Dabei hat sich der Bundesrat laut Caritas mit der Unterzeichnung der «Agenda 2030» verpflichtet, die Armut in der Schweiz bis in acht Jahren mindestens um die Hälfte zu reduzieren. «Dieses Ziel rückt in weite Ferne», mahnt die Organisation.

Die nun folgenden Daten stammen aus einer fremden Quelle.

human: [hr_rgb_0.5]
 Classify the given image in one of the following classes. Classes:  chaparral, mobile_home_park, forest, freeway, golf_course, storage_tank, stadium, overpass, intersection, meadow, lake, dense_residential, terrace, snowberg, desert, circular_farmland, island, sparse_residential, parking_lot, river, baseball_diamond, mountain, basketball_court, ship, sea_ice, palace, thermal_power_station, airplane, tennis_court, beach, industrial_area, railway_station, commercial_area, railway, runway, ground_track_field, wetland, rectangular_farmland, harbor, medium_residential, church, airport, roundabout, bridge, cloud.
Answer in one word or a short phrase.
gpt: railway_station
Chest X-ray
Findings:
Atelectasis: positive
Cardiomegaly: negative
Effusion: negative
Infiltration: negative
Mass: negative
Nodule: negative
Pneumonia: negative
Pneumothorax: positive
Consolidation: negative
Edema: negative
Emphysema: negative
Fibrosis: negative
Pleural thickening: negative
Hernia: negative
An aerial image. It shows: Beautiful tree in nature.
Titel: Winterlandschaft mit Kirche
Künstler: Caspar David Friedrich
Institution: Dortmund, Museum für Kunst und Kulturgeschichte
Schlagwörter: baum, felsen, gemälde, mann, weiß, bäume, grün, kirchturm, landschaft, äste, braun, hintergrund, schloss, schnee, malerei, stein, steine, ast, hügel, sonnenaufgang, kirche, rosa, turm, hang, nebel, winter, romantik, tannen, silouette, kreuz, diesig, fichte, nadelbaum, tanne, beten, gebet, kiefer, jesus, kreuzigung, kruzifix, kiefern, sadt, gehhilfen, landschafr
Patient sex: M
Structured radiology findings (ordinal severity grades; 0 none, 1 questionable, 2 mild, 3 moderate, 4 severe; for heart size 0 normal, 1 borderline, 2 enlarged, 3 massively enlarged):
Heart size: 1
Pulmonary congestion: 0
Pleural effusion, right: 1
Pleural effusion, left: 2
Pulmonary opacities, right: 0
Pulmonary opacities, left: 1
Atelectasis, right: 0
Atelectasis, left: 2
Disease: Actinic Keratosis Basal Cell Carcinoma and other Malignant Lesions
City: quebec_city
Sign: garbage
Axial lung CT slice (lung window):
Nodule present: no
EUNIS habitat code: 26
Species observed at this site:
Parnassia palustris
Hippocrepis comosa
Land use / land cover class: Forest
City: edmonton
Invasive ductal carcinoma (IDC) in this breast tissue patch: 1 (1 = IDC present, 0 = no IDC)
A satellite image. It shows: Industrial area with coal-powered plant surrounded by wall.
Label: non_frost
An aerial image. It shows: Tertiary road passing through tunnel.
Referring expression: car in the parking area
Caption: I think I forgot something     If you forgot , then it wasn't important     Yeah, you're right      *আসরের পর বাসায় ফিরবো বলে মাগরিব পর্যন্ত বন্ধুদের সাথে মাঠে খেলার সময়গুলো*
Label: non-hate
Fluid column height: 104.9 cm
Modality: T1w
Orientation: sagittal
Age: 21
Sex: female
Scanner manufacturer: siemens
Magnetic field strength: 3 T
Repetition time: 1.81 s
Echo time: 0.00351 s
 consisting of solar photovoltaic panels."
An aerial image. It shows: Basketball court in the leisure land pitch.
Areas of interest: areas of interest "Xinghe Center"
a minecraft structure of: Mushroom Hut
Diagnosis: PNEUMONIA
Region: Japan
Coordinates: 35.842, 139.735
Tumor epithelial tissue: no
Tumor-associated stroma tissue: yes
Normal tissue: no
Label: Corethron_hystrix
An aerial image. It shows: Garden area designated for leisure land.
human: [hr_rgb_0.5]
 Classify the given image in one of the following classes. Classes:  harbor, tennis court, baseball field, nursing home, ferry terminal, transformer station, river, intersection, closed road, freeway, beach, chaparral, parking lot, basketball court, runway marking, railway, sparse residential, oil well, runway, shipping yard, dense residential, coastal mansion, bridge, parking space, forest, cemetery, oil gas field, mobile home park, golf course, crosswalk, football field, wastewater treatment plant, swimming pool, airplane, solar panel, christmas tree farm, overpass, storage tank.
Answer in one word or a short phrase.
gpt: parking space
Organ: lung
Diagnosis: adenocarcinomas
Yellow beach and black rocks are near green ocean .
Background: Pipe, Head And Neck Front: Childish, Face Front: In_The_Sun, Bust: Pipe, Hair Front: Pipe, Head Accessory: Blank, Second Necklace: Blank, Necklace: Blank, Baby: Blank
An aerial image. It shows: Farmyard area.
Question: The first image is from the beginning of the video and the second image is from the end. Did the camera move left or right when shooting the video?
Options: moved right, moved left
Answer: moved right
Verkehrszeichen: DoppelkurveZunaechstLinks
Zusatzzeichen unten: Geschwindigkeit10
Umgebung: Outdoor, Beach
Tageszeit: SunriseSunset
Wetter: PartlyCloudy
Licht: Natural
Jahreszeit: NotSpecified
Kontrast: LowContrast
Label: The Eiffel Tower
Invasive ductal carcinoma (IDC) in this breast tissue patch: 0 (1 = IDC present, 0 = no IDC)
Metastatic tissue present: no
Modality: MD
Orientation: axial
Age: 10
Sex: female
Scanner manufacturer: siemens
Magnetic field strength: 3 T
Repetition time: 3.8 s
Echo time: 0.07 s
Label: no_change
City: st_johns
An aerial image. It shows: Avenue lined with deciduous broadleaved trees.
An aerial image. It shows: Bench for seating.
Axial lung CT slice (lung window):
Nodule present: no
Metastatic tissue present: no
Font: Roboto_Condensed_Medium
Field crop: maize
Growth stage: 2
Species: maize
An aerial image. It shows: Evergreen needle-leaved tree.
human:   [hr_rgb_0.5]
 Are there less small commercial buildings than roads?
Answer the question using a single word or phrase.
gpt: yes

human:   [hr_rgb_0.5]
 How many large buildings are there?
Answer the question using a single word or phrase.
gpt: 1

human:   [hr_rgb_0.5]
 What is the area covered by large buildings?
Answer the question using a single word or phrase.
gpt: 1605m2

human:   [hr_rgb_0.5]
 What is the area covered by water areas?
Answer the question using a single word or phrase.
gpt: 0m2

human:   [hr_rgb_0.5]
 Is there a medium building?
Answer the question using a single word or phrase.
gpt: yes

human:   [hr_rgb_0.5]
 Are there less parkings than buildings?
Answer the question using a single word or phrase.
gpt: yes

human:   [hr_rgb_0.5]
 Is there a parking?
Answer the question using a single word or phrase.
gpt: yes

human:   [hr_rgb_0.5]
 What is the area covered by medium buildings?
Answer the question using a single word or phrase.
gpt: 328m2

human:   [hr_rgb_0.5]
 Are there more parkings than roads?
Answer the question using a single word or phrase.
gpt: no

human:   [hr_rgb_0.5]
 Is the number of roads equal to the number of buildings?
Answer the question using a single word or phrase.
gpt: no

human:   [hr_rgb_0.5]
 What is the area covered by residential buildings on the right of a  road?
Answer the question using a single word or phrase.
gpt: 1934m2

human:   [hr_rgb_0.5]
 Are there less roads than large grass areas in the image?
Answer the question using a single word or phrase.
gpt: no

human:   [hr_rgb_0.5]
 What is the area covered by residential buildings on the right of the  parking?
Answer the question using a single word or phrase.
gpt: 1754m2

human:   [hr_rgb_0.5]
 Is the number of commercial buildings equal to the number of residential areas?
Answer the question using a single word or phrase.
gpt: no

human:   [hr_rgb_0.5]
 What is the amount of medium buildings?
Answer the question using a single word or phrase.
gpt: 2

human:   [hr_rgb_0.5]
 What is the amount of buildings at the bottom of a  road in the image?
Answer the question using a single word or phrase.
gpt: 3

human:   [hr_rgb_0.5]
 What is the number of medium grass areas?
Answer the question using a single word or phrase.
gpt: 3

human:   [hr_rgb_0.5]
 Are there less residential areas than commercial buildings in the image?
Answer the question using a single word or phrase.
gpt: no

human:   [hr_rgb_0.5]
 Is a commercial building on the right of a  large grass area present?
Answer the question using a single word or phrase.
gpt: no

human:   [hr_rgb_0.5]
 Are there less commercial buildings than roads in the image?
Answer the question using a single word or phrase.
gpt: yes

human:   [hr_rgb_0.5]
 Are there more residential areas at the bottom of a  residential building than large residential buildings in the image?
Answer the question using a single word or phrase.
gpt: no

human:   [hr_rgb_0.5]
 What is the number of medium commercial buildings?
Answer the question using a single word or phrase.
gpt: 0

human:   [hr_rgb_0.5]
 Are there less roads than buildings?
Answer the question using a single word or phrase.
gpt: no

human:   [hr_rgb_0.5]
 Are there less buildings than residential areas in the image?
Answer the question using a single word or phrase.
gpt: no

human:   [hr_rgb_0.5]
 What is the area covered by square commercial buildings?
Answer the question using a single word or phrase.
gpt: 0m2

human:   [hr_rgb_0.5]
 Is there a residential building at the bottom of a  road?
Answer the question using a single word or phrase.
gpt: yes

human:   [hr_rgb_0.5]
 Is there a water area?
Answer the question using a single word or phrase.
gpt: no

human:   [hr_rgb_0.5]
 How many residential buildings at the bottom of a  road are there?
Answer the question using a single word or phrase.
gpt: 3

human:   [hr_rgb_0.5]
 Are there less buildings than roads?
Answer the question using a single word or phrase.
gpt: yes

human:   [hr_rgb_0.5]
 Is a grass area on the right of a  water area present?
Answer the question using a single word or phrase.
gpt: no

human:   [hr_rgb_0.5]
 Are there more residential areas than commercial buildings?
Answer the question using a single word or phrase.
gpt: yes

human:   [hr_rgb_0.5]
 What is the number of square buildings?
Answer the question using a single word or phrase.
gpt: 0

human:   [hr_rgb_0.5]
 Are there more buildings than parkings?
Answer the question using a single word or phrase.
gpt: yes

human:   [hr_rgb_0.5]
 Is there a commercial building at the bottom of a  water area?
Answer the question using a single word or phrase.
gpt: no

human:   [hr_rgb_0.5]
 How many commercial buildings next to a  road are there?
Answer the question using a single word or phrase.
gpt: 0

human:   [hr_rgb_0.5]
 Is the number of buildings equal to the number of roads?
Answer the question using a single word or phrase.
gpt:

Weiterhin deutlich höhere Einkommen als in der EU

Laut der Armutsstatistik 2020 waren auch bei korrigiertem Preisniveau die durchschnittlich verfügbaren Äquivalenzeinkommen in der Schweiz höher als in der Mehrheit der EU-Länder, wie das BFS schreibt. Konkret 2,6-mal so hoch wie in Griechenland, 1,4-mal so hoch wie in Frankreich und 1,2-mal so hoch wie in Deutschland und 1,1-mal so hoch wie in Österreich.

Trotzdem liegt die Einkommensungleichheit in der Schweiz damit laut BFS unter dem europäischen Durchschnitt. «Trotz des hohen Preisniveaus in der Schweiz ist der Lebensstandard der Bevölkerung also höher als in den Nachbarstaaten und der Mehrheit der EU-Länder», schreiben die Statistiker des Bundes.

Hohe Zufriedenheit – auch zu Pandemiebeginn

Auch die Lebenszufriedenheit ist in der Schweiz nach wie vor hoch. Im ersten Halbjahr 2020 – also zu Beginn der Coronapandemie – waren laut BFS 40,4 Prozent der Bevölkerung ab 16 Jahren mit ihrem jetzigen Leben sehr zufrieden. Bei der letzten europäischen Erhebung 2018 war dieser Anteil nur in Irland, Dänemark, Finnland, Österreich und Norwegen ähnlich hoch wie in der Schweiz.

Gemäss ersten experimentellen Auswertungen des BFS hat die Lebenszufriedenheit in der Schweiz allerdings auch im Lauf der Pandemie nur leicht abgenommen: Im ersten Halbjahr 2021 ist dieser Wert nämlich lediglich auf 36,6 Prozent gesunken.